– Поставь число и свою подпись, – почему-то дрожащим голосом продышал на ухо тезка. – Вот так. И рядом фамилию. Еще раз, разборчиво…
Они убежали, спрятав листок с моими каракулями и подписью у сердца, чтобы не помять, и ночевали где-то в другом доме. И правильно сделали.
Умывшись в луже и отдышавшись на мокрой картофельной ботве, отдохнув до мозга костей на природе, я бы точно прибил их тогда ночью табуреткой. И замазал бы родной факультет своим преступным деянием.
А через полгода, в некиношном сериале поэтапных организованных собраний по отчислению из комсомола и университета этот эпизод всплыл для меня как «написание и исполнение на студенческих сельскохозяйственных работах сионистских песен».
Выходит, я сам на себя написал песню Высоцкого – за свою.
И еще, оказалось, что я – еврей.
С тех пор я вообще не пою. Ни с людьми, ни, тем более, в хоре.
Даже в душе.
Один на один.
Отмываясь от сослуживцев и начальников…
ЮДИФЬ
Священник шел по улице и смотрел прямо перед собой, даже немного вверх. И не отвлекался по сторонам. Его несло.
А когда-то мы учились вместе. Каждый – своему.
В начале семидесятых годов прошлого века в Советском Союзе проводили внеочередную кампанию государственного антисемитизма. Сначала немного приоткрыли ворота из страны, и тысячи евреев выехали на Запад и в Израиль. Затем калитку прихлопнули. И начали кого-то «чистить», выполняя заказ. Кого-то осуждать, выбирая неприметных «мальчиков для битья», чтобы отчитаться. А в довесок – разоблачать во всю ивановскую.
К нам на факультет будущих журналистов приходил с лекцией о международном еврействе некий Бегун, из местных авторов, подсевших на хлебную для официальных публицистов тему.
Он вывешивал для начала репродукцию картины Джорджоне «Юдифь» по известной библейской книге и объяснял. Нет, не героизм благочестивой вдовы, чей обреченный на сожжение город осадили вавилонские полчища во главе с их полководцем Олоферном. Вдова, напомню, приоделась, пришла в лагерь врага, соблазнила главу войска и, когда он уснул, отрубила ему голову. Тем самым спасла свой город.
– Вы думаете, как обычно думают, что Юдифь – героиня? – спрашивал нас Бегун.

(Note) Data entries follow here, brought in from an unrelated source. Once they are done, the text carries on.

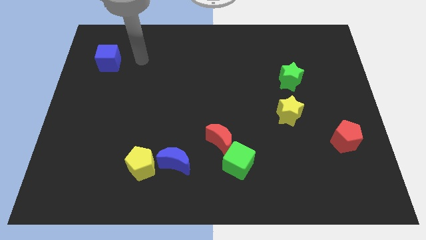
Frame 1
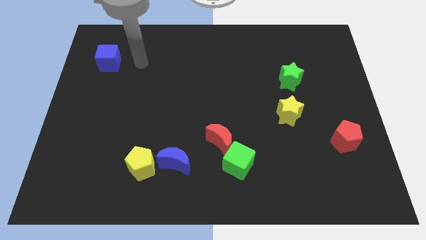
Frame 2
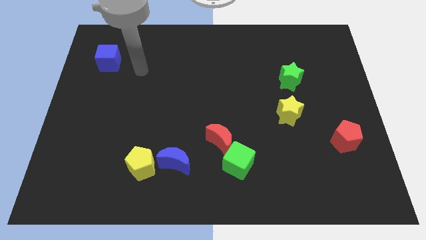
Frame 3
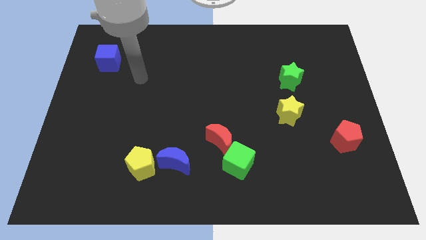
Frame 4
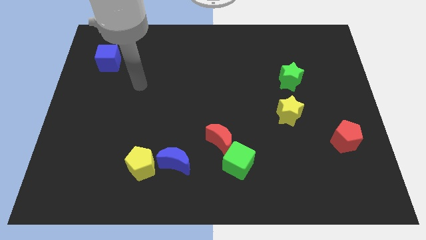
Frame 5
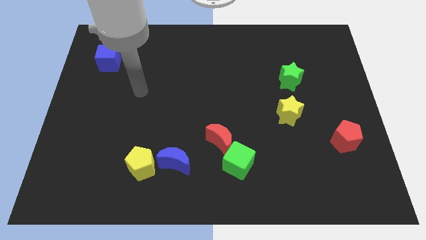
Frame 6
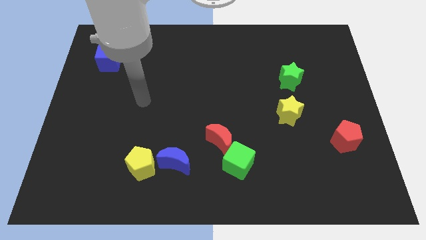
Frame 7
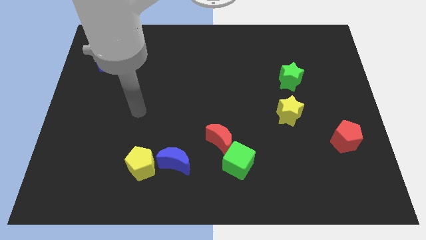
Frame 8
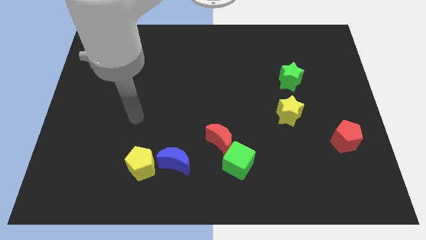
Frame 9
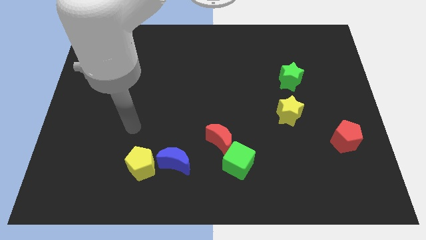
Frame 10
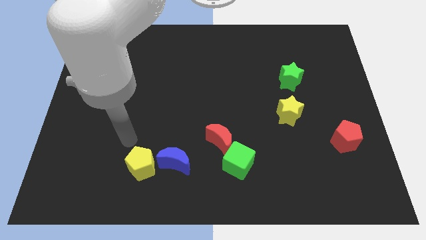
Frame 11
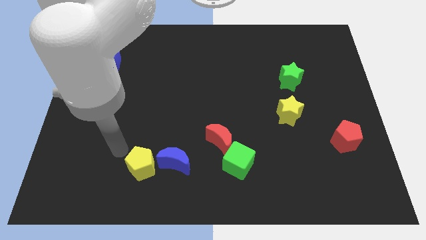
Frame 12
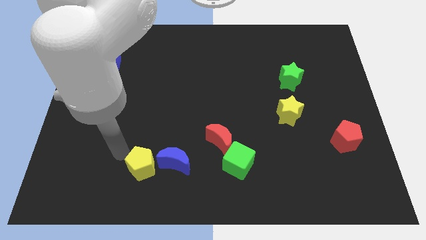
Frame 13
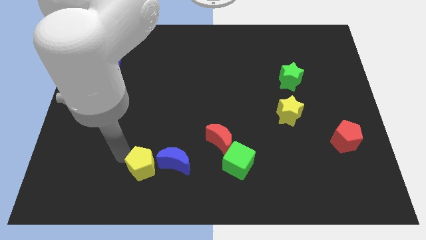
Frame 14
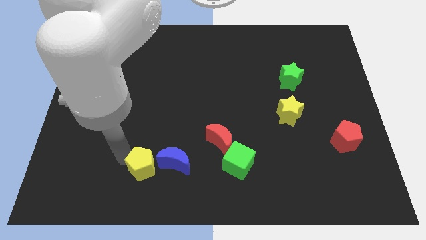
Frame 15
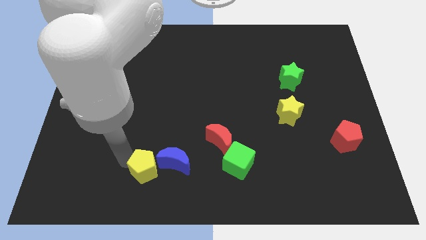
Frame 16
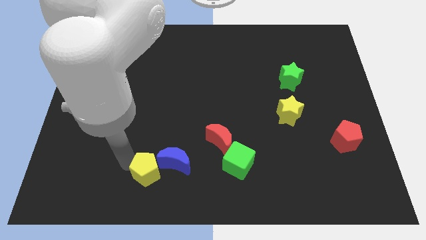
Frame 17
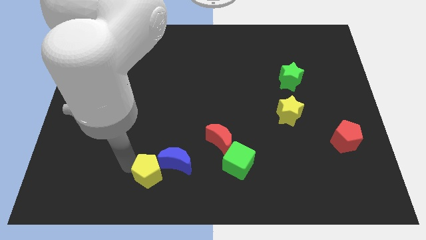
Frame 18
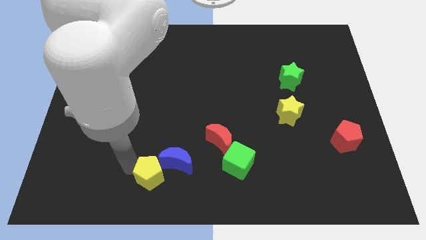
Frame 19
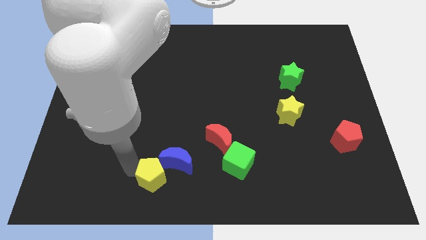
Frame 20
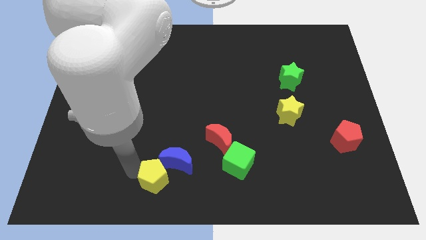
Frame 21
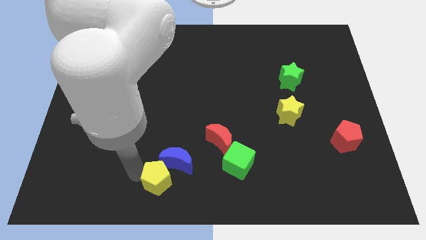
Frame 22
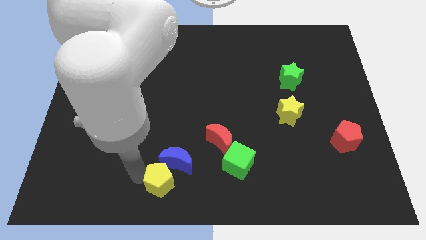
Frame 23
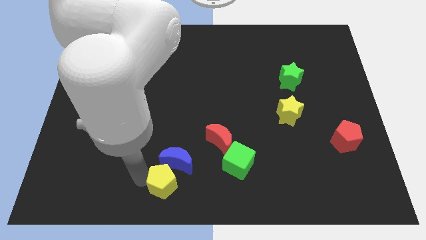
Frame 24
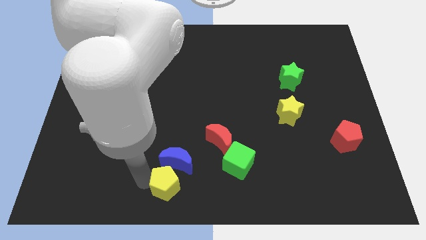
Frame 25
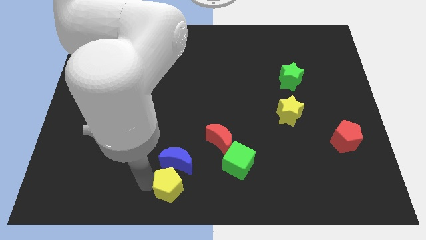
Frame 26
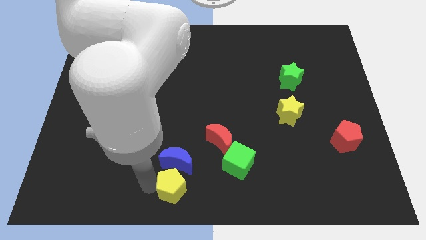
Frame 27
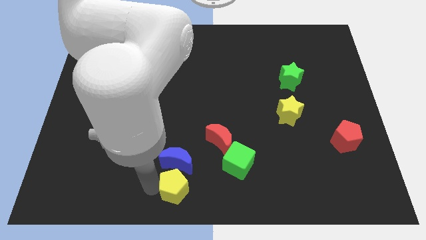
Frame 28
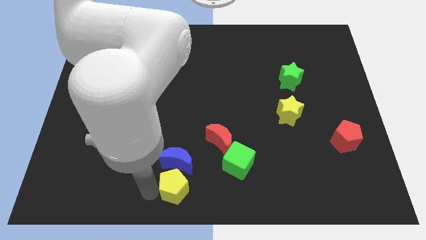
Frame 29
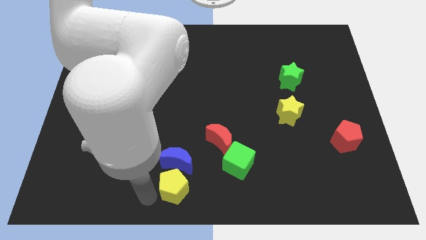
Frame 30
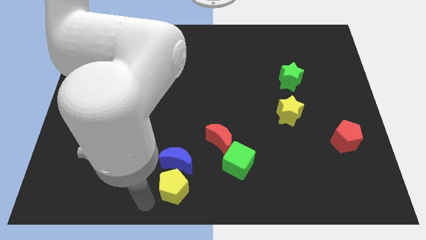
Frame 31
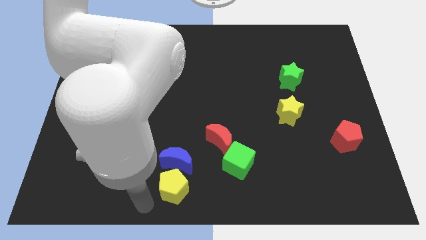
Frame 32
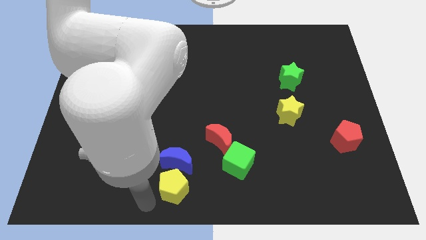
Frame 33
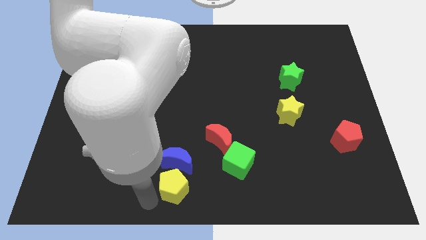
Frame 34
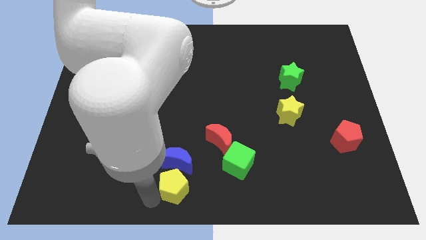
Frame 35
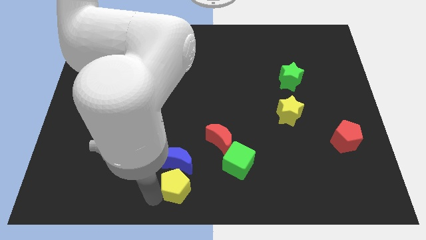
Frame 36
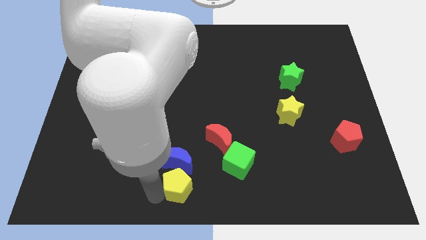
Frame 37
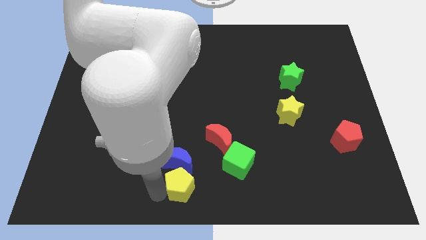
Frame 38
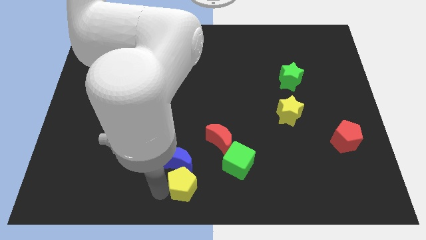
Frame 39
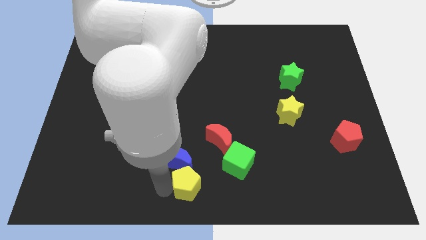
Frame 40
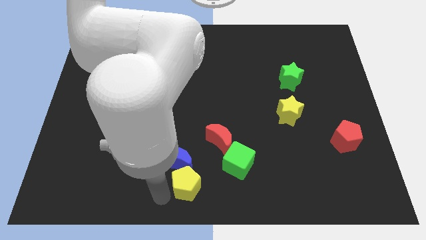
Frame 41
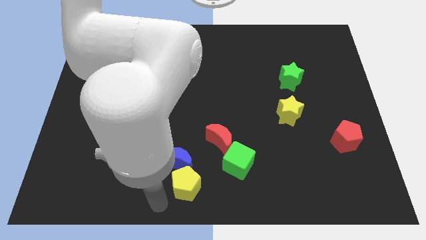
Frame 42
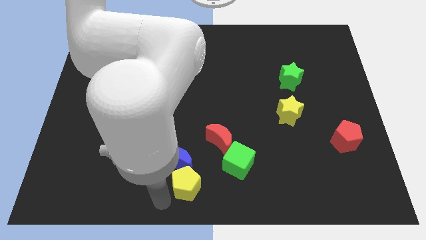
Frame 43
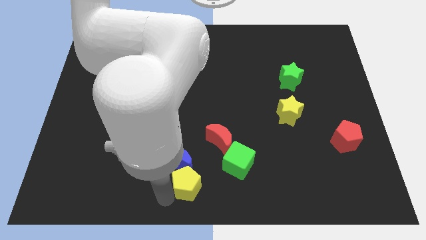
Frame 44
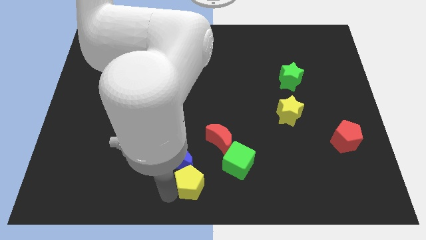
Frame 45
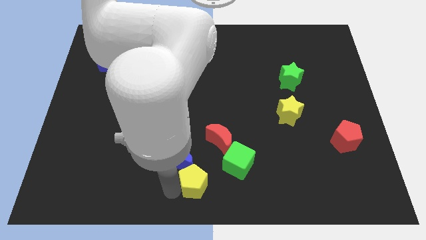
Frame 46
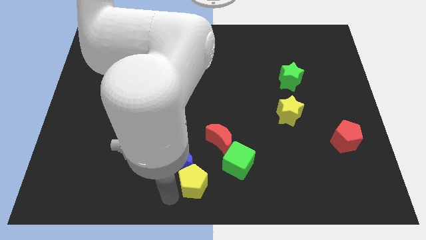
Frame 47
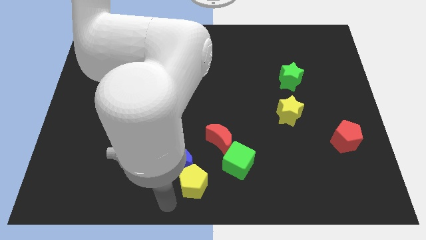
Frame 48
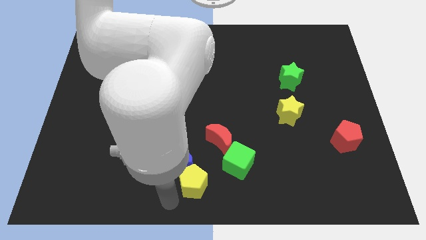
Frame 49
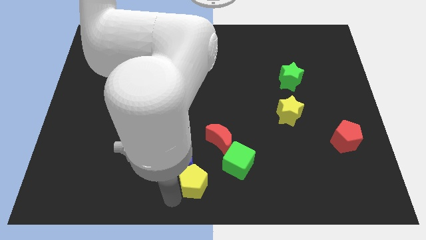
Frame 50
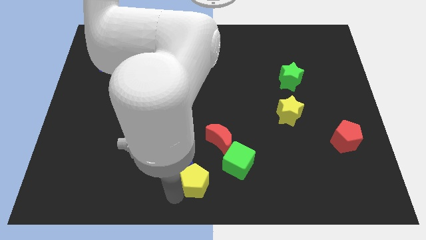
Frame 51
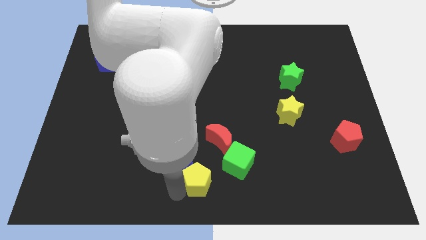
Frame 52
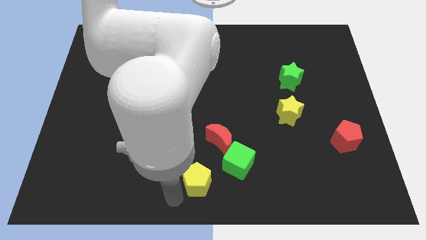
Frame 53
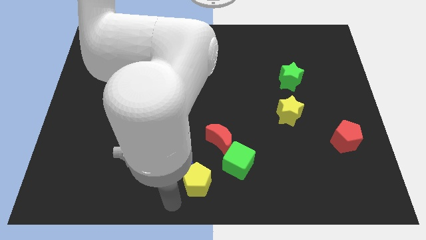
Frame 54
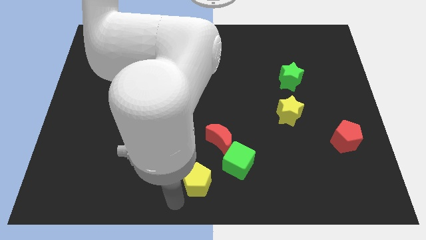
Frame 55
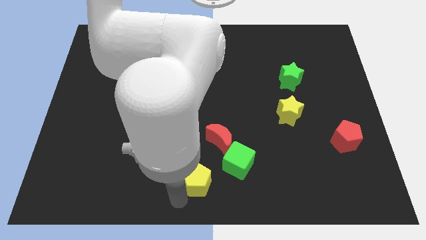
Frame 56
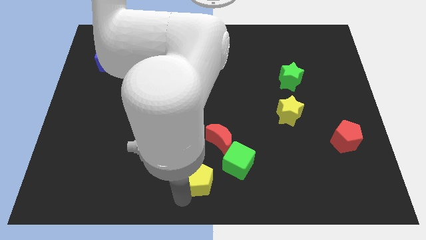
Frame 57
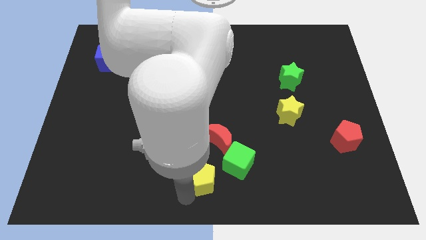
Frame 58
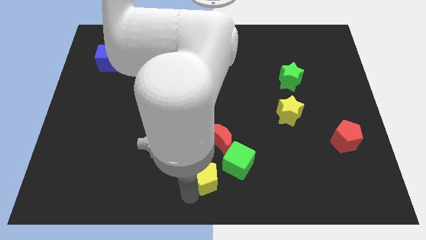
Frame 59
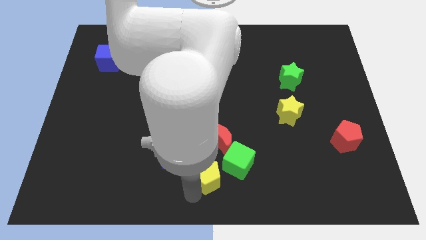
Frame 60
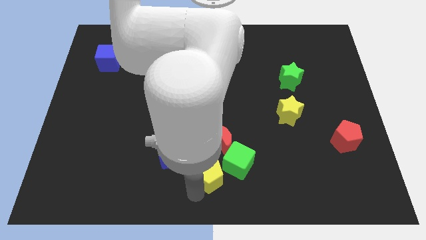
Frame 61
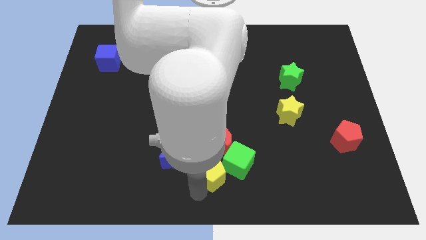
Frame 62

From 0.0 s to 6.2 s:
move the yellow pentagon towards the green cube

И объяснял, что совсем даже не героиня. А наоборот. Типичный пример лицемерия еврейской женщины, которая ради своих целей готова на все, чтобы потом отрезать голову доверчивому инородцу. И еще писатель рассказывал нам о кровавом навете и его современных последователях, алчных и хищных.
– Скажите, – вдруг спросил тогда один из студентов, тот самый, будущий священник. – А как они забирают кровь у наших христианских младенцев?

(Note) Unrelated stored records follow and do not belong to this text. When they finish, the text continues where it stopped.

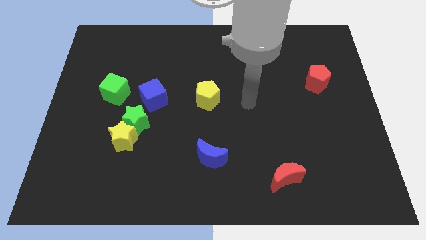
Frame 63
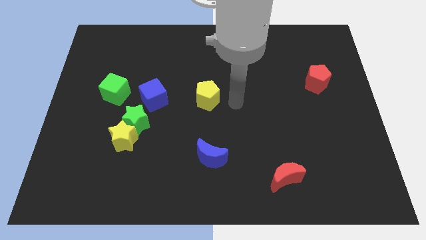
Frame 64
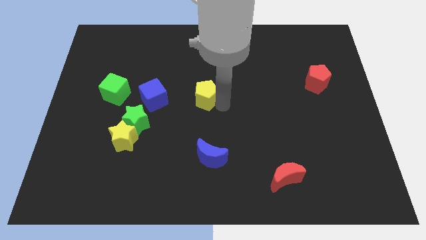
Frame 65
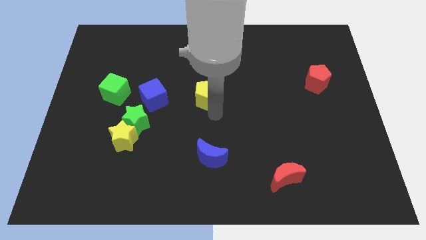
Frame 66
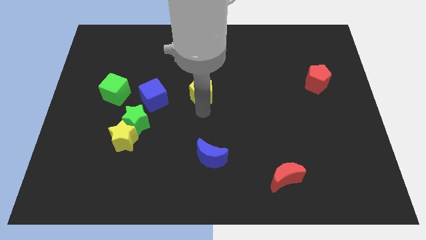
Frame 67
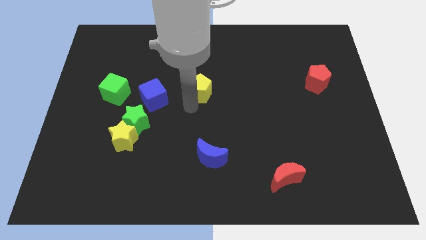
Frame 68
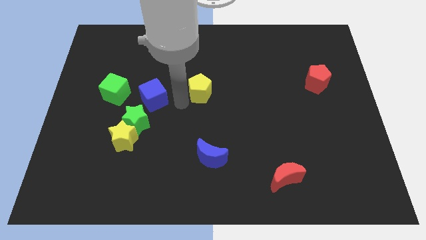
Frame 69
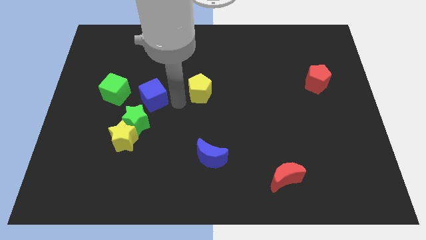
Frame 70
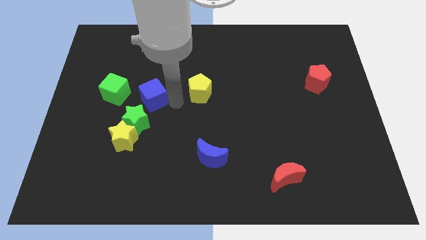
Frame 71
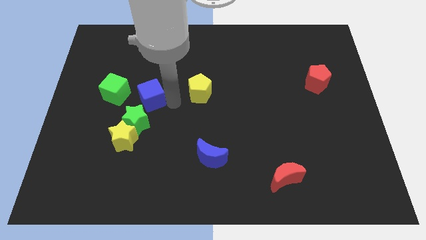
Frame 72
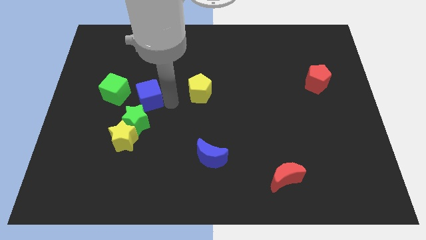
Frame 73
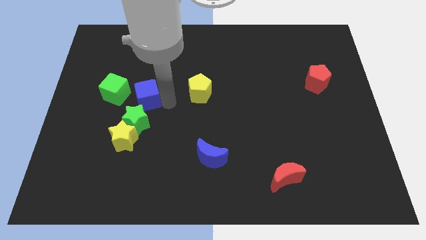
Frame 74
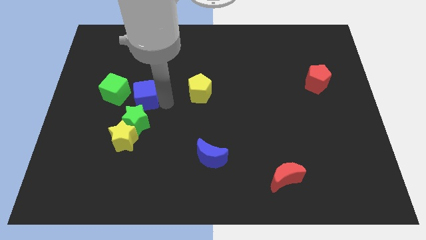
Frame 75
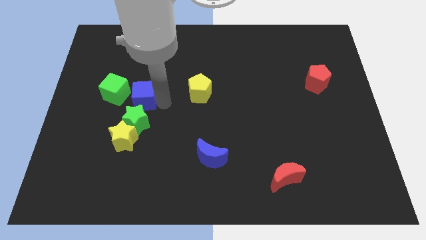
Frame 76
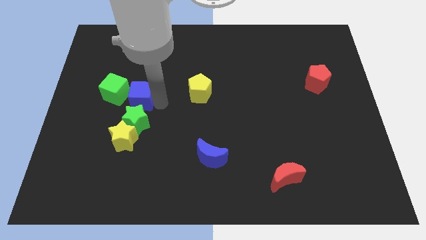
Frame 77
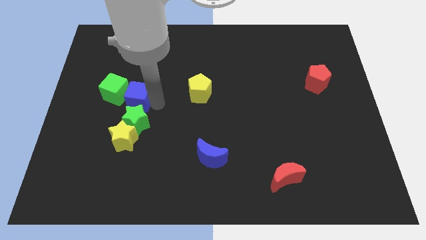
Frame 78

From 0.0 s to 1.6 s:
put the blue cube towards the green cube

И полкурса посмотрели в мою сторону. А я понял, глядя на лектора, что с крысами надо бороться до последней капли крови. Сколько бы они ее ни выпили…
ФРОНТОВИЧКА
Один человек сказал, что мне повезло жить в свое время.
– Жить – уже повезло,- ответил я и подумал уважительно: – Фронтовичка…
Она была врачом университетской поликлиники. Кто-то из друзей в последний момент посоветовал мне обратиться именно к ней. «Последний момент» наступил после обоймы персональных комсомольских собраний, от группы до бюро университета по отчислению «за взгляды, несовместимые», видимо, с жизнью. В восемнадцать лет о плохом не думаешь. В этом возрасте, да и потом, впрочем, жизнь не пугает, а смерть слишком абстрактна. Не до них…
Но тогда, в университете, было не весело. Сначала всей группе приказали остаться на какое-то собрание. Потом пришел дядька из деканата, и оказалось, что разговор идет обо мне. Дядька рассказал ошалевшим от любопытства и неожиданности студентам о том, что я написал инородную песню против антисемитов и еще кто-то видел у меня антигосударственную листовку.
– Пусть ответит, откуда?
– А я знаю?
В то время из страны выслали Александра Солженицына, и в газетах публиковали письма трудящихся, возмущенных его нечитанными книгами. Так достигается всеобщая грамотность населения.
– И вот он, – дядька показал на меня, уже стоящего перед всеми почти у стенки, – говорил при свидетелях, ваших же однокурсниках, что книг Солженицына, как и все, не видел, а какая-то доярка в «Литературной газете», выходит, читала и поливает писателя, словно на его книгах выросла.
А потом я вроде бы подбивал саботировать студенческие сельхозработы: мол, наше дело – учиться, а картошку выращивать и собирать должны колхозники. И говорил, что у власти карьеристы и перерожденцы. А чешский «социализм с человеческим лицом», раздавленный танками в 68-м году, – это то, что надо. И еще, и еще… Я много интересного узнал о себе тогда.